Thanks for your comments @tnearey, in my case I think of K as the number of alternatives. I will try out effects coding.

Justin, did you come to a final model that worked and ran well for your best-worst purposes? If so, could you show a template for this analysis? I am interested it using it to calculate individual-level estimates from a best-worst scaling deign.

I’m slowly working through the snippet above, and matrix[C, K] X[R, S]; looks to be for covariates? If I just want to calculate utility estimates for each individual-item combination, I don’t need this, do I?

The one I used was more or less the same as the one I last posted. I haven’t implemented anything for covariates for this. matrix[C, K] X[R, S] just contains the design. The individual-level estimates are beta

1 Like

Interesting. What do you mean by the design? That is, a 1 if the item was included and a 0 if it wasn’t? I can’t square how that leads to a C by K matrix of R by S arrays. Would it be too much to ask for you to provide an example of data you would feed to this script? I’d appreciate it.

Yes, 1 if it is included and 0 if it isn’t. Lets say there are 10 alternatives and but only 3 choices in each scenario, e.g. 2,3,7. Then C = 3 and K = 10 and the matrix would be

0 1 0 0 0 0 0 0 0 0
0 0 1 0 0 0 0 0 0 0
0 0 0 0 0 0 1 0 0 0

1 Like

Thank you! Sorry, last clarification question: in YB[R, S] and YW[R, S], do the choices refer to the row of each matrix[C, K] in X[R, S]? So if the design for X[1, 1] was:

0 1 0 0 0 0 0 0 0 0
0 0 1 0 0 0 0 0 0 0
0 0 0 0 0 0 1 0 0 0

And the best choice was the third alternative, would the integer in YB[1, 1] be 2, since it is the second row?

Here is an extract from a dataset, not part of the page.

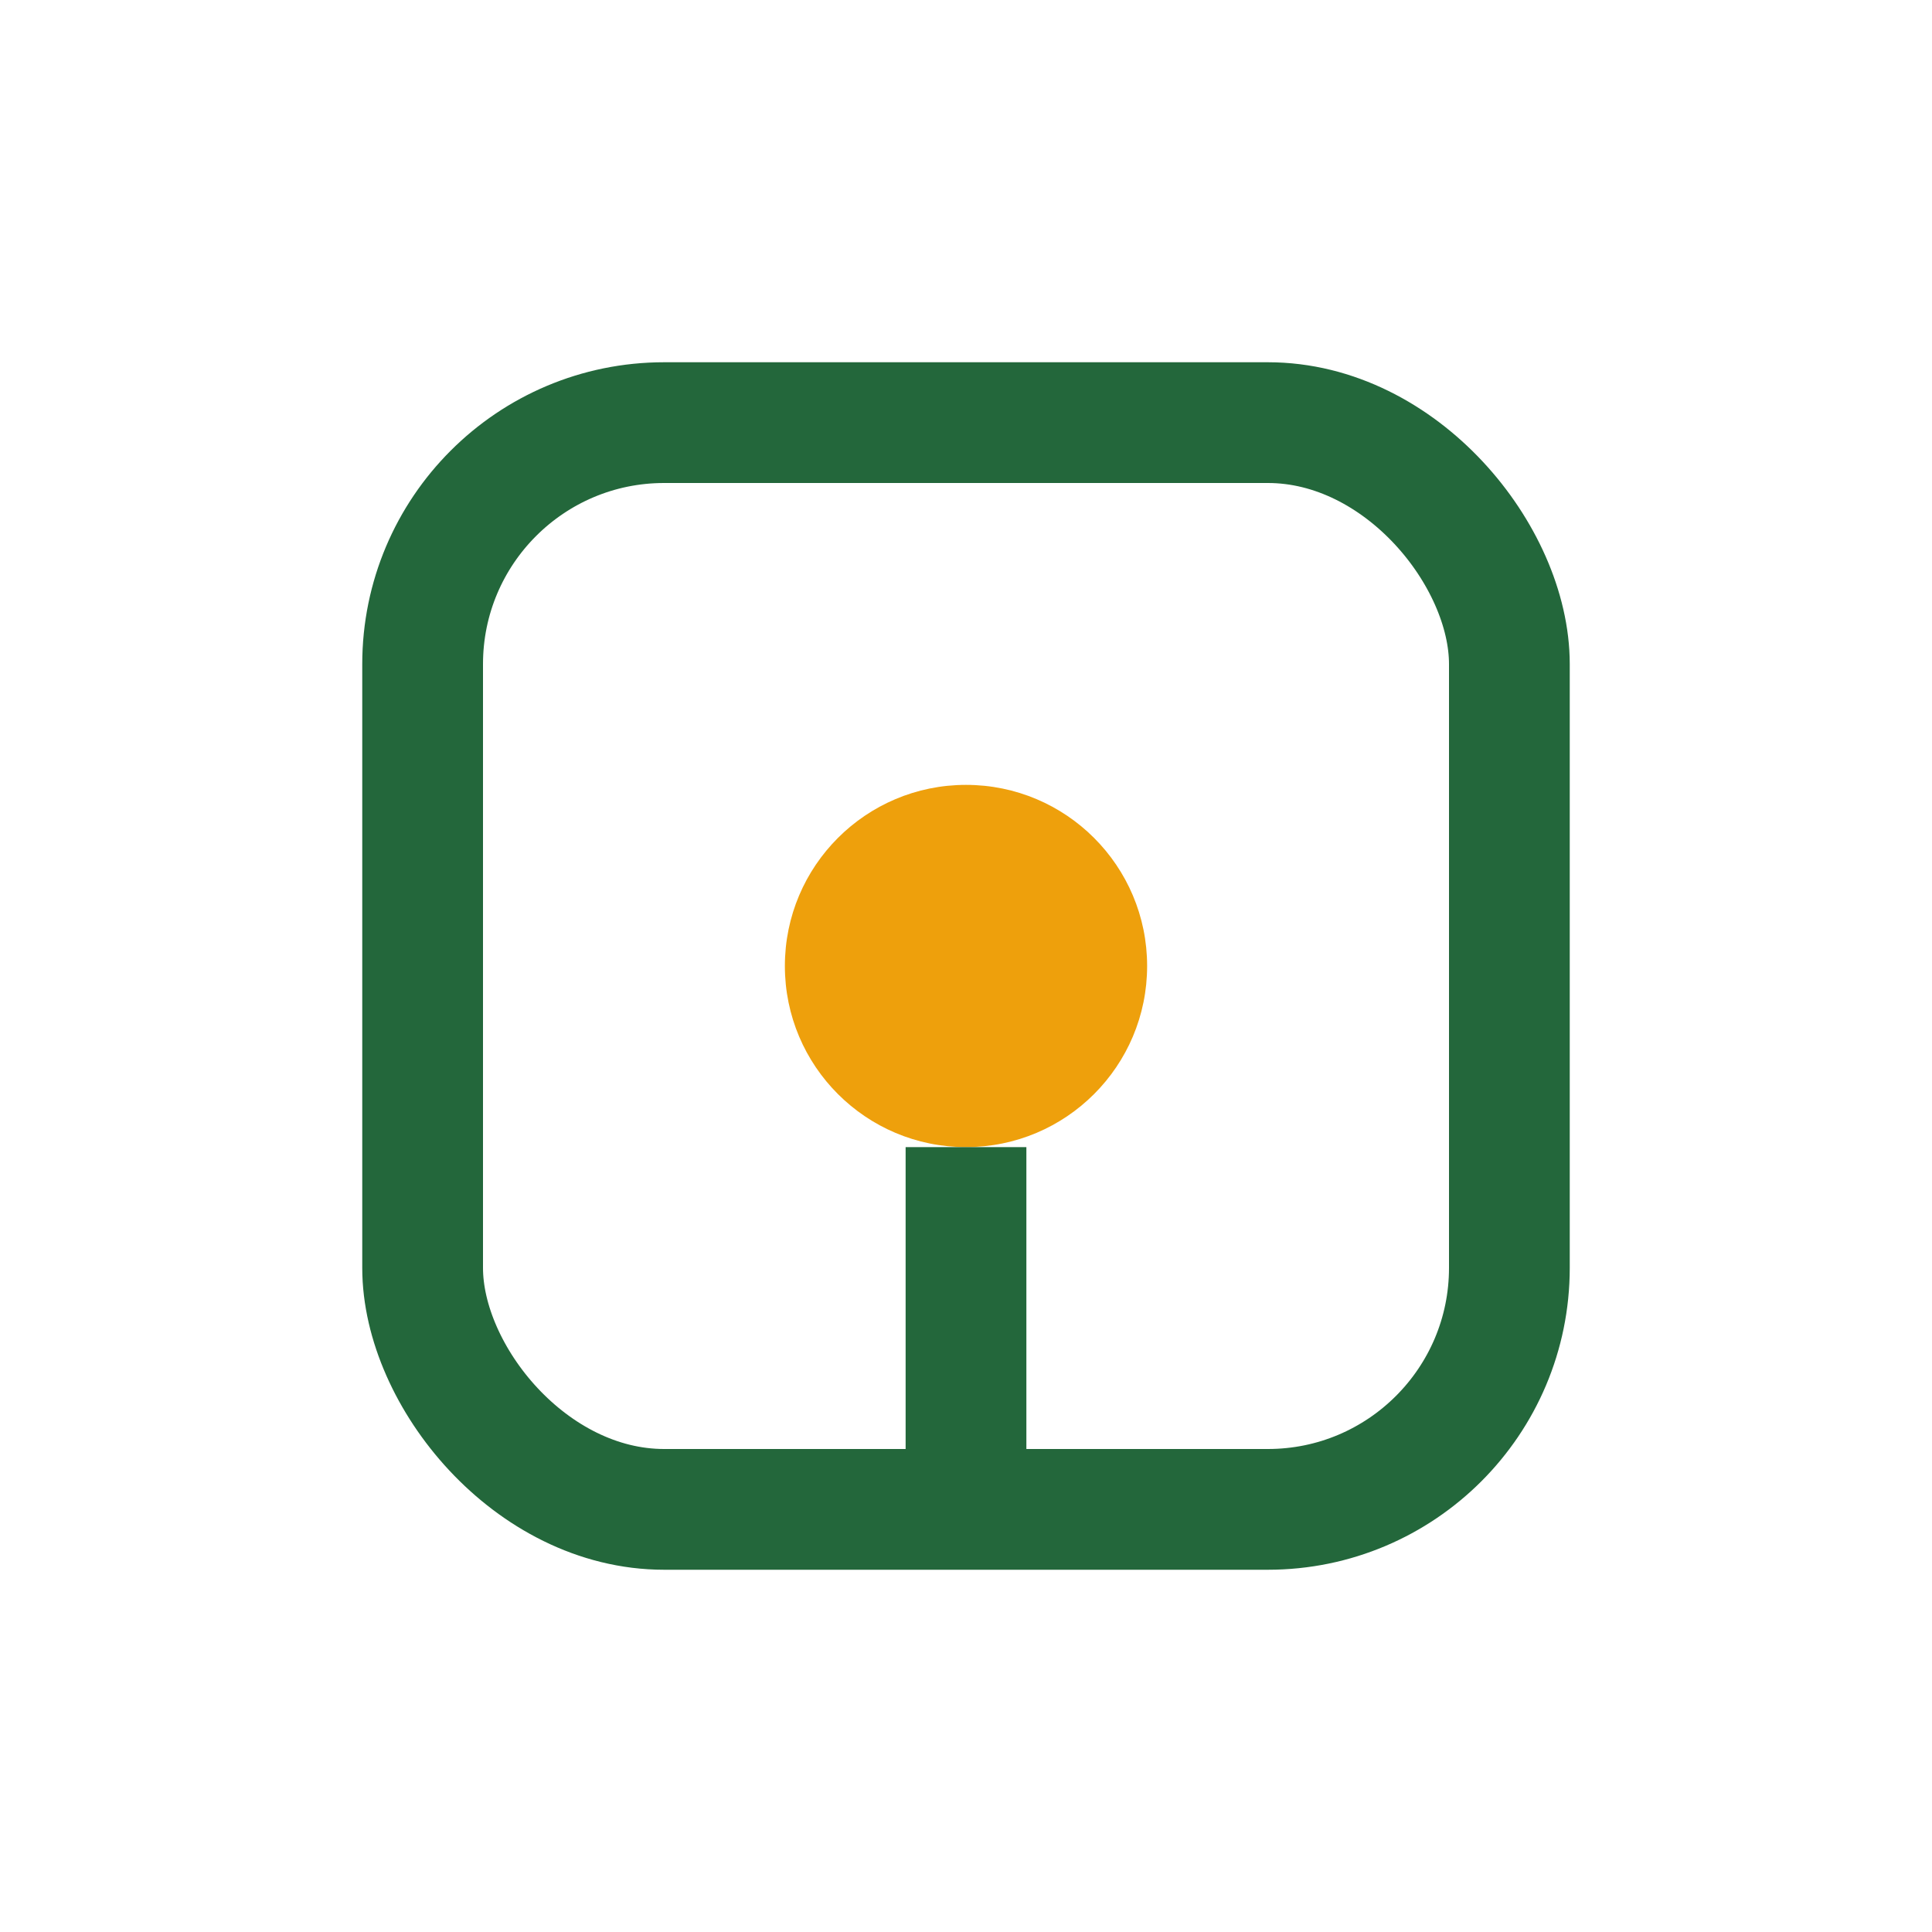 <?xml version="1.0" encoding="UTF-8"?>
<svg xmlns="http://www.w3.org/2000/svg" width="32" height="32" viewBox="0 0 32 32"><rect x="7" y="7" width="18" height="18" rx="4" fill="none" stroke="#23673B" stroke-width="2"/><circle cx="16" cy="16" r="3" fill="#EEA00C"/><path d="M16 19v5" stroke="#23673B" stroke-width="2"/></svg>

I first tried to give it an integer that represents the alternative, but, for example, if I wanted to say alternative 7 was the worst, this is above C and got rejected by my sampling call to rstan::stan() because of it. I assume I would say 3 if I wanted to say that 7 was the worst?

That is correct @markhw

1 Like

Did you get it to go any faster? I can get it to run—but I have 1000 participants judging 12 different alternatives across 9 scenarios with 4 options per scenario, and the model is taking a while to run. If I limit it to just 30 participants, I can get it to run and the results correlate with other methods at like .99, so I know it’s working.

Not really, unfortunately you’ll just have to wait for it to finish

Good. This explains my confusion over C and K above.
Your original post keeps the first two lines of Feit’s hmnl.stan:

int<lower=2> C; // Number of alternatives (choices) in each scenario
int<lower=1> K; // Number of covariates of alternatives

You changed that in your revised version, with good reason.
But you’re using a different kind of design matrices than in the vanHorn/Feit code. https://github.com/ksvanhorn/ART-Forum-2017-Stan-Tutorial/blob/master/3_hmnl/hmnl.stan

In the ‘chocolate’ example they provide,
the first C x K corresponding to X[1,1] in the stan data
is packed in R as

choc.standata\$X[1,1,,]
[,1] [,2] [,3] [,4] [,5] [,6] [,7] [,8] [,9]
[1,]  0.6    1    0    0    0    0    0    1    0
[2,]  0.7    0    0    1    0    1    0    0    0
[3,]  3.6    1    0    0    0   -1   -1   -1   -1

Interesting. I’m running a design with 350 respondents, 13 tasks, 4 alternatives per task, and 13 alternatives in total, and using that code above takes multiple hours to run. Have you not gotten it to speed up from that?